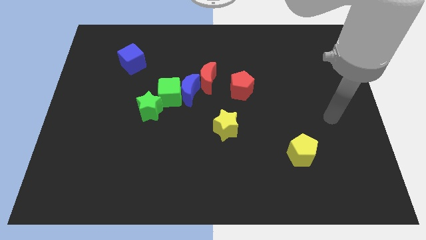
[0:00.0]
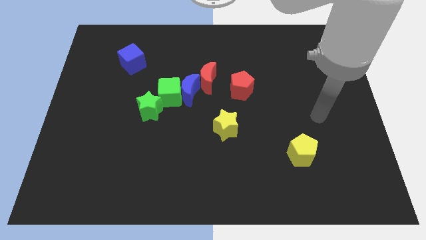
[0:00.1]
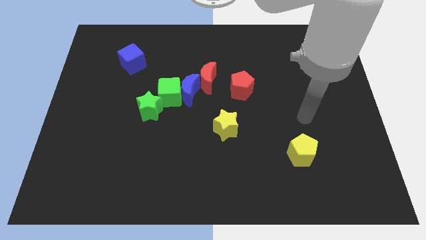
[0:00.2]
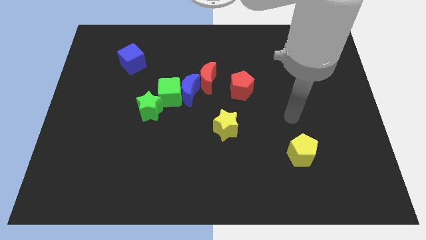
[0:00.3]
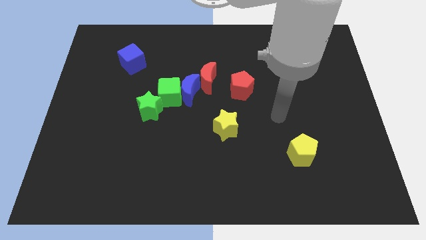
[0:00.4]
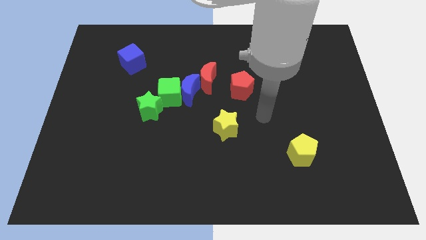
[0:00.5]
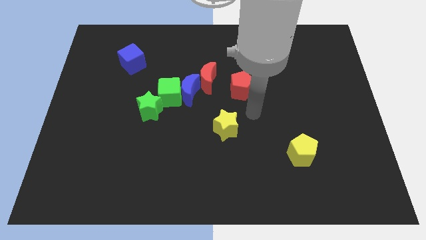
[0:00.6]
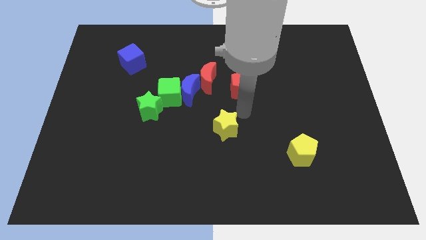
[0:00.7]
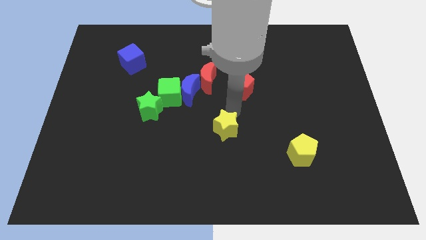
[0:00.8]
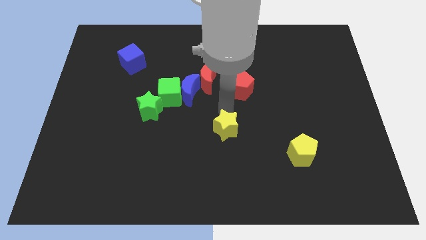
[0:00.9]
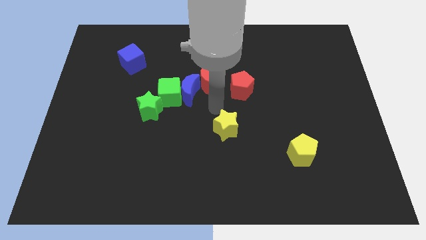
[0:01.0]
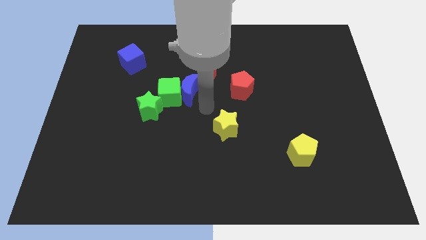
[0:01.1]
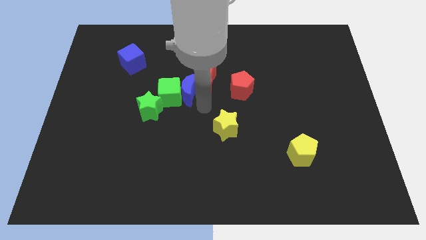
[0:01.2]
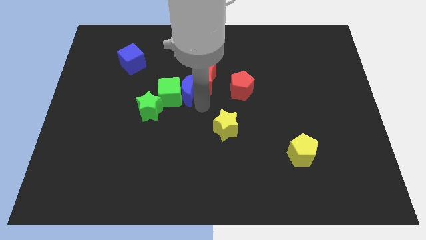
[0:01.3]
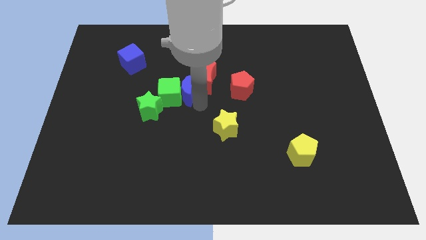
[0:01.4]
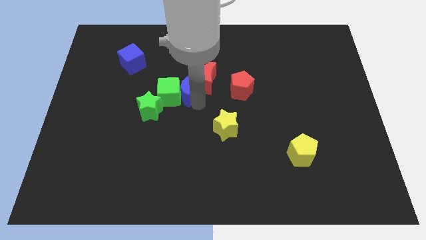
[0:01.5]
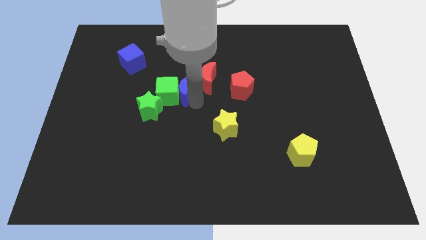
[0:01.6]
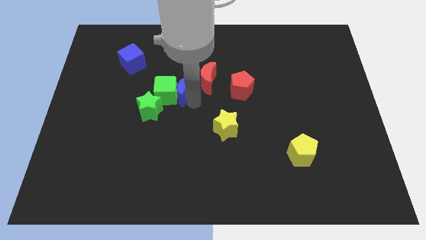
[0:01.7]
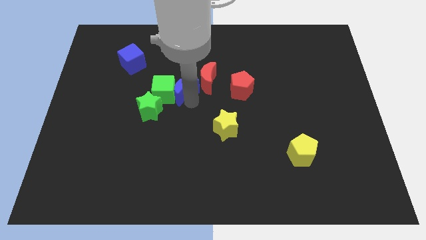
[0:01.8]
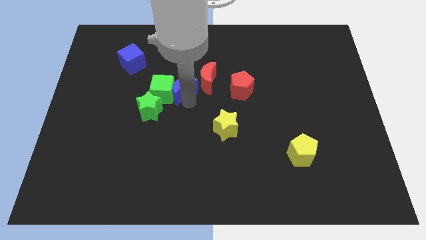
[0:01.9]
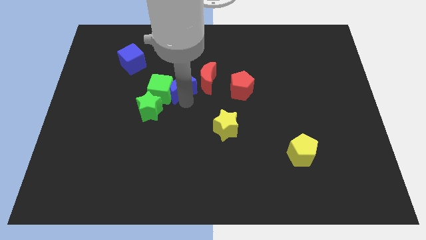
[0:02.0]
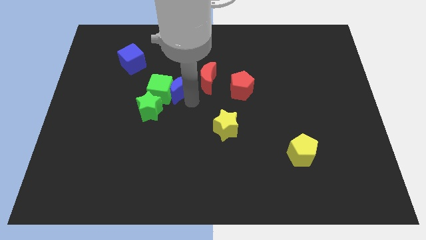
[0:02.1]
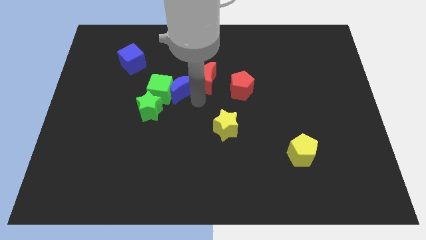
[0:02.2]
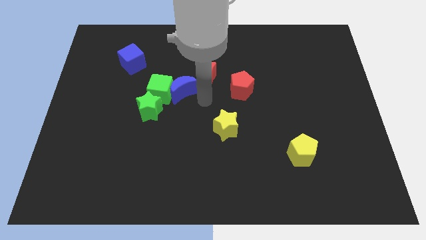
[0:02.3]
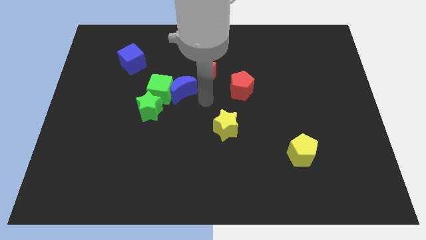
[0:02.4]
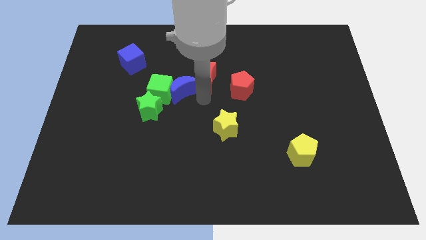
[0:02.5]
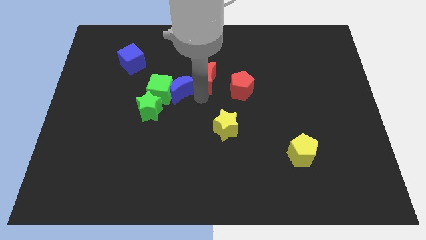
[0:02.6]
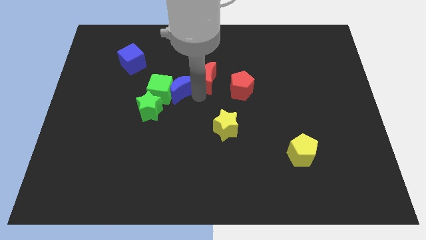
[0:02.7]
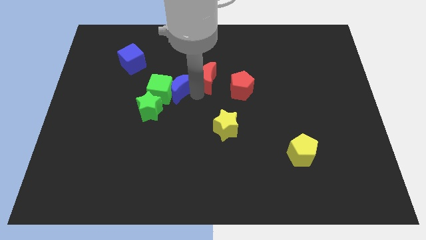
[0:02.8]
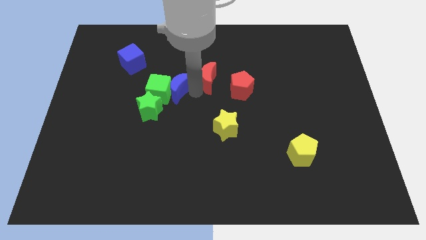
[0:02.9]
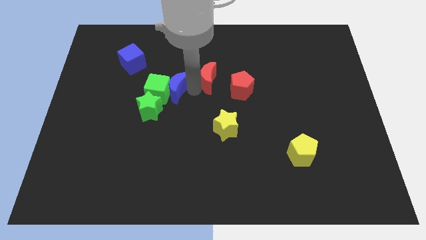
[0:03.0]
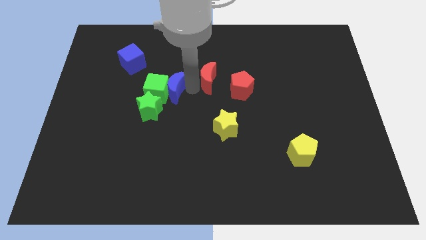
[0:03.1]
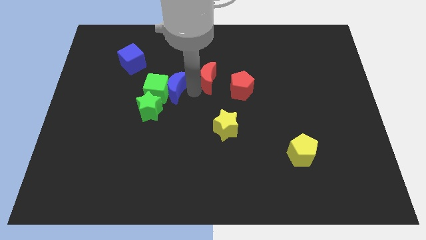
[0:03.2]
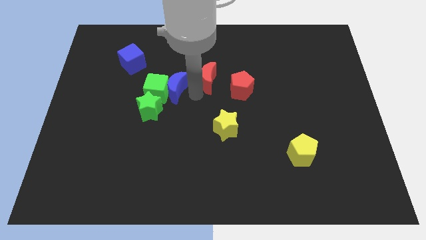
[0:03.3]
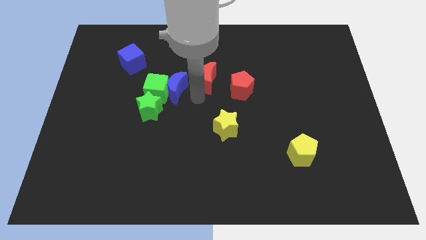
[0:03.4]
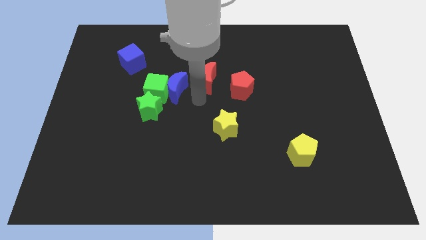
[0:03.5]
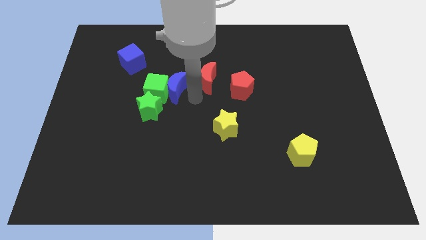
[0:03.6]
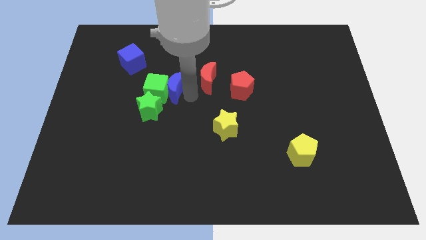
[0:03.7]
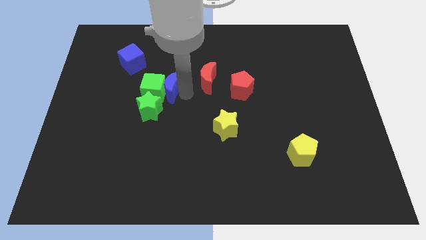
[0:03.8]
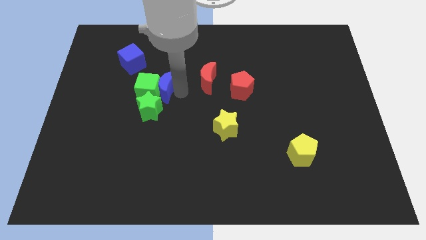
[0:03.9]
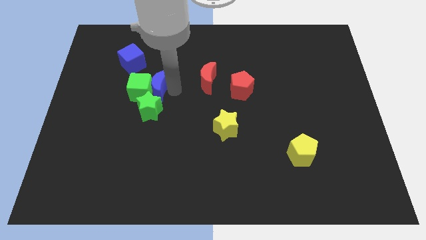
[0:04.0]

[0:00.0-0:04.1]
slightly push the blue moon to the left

> [Activity]
Please retype the whole listing above exactly, without any of its images.

> [Task response]
[0:00.0]
[0:00.1]
[0:00.2]
[0:00.3]
[0:00.4]
[0:00.5]
[0:00.6]
[0:00.7]
[0:00.8]
[0:00.9]
[0:01.0]
[0:01.1]
[0:01.2]
[0:01.3]
[0:01.4]
[0:01.5]
[0:01.6]
[0:01.7]
[0:01.8]
[0:01.9]
[0:02.0]
[0:02.1]
[0:02.2]
[0:02.3]
[0:02.4]
[0:02.5]
[0:02.6]
[0:02.7]
[0:02.8]
[0:02.9]
[0:03.0]
[0:03.1]
[0:03.2]
[0:03.3]
[0:03.4]
[0:03.5]
[0:03.6]
[0:03.7]
[0:03.8]
[0:03.9]
[0:04.0]

[0:00.0-0:04.1]
slightly push the blue moon to the left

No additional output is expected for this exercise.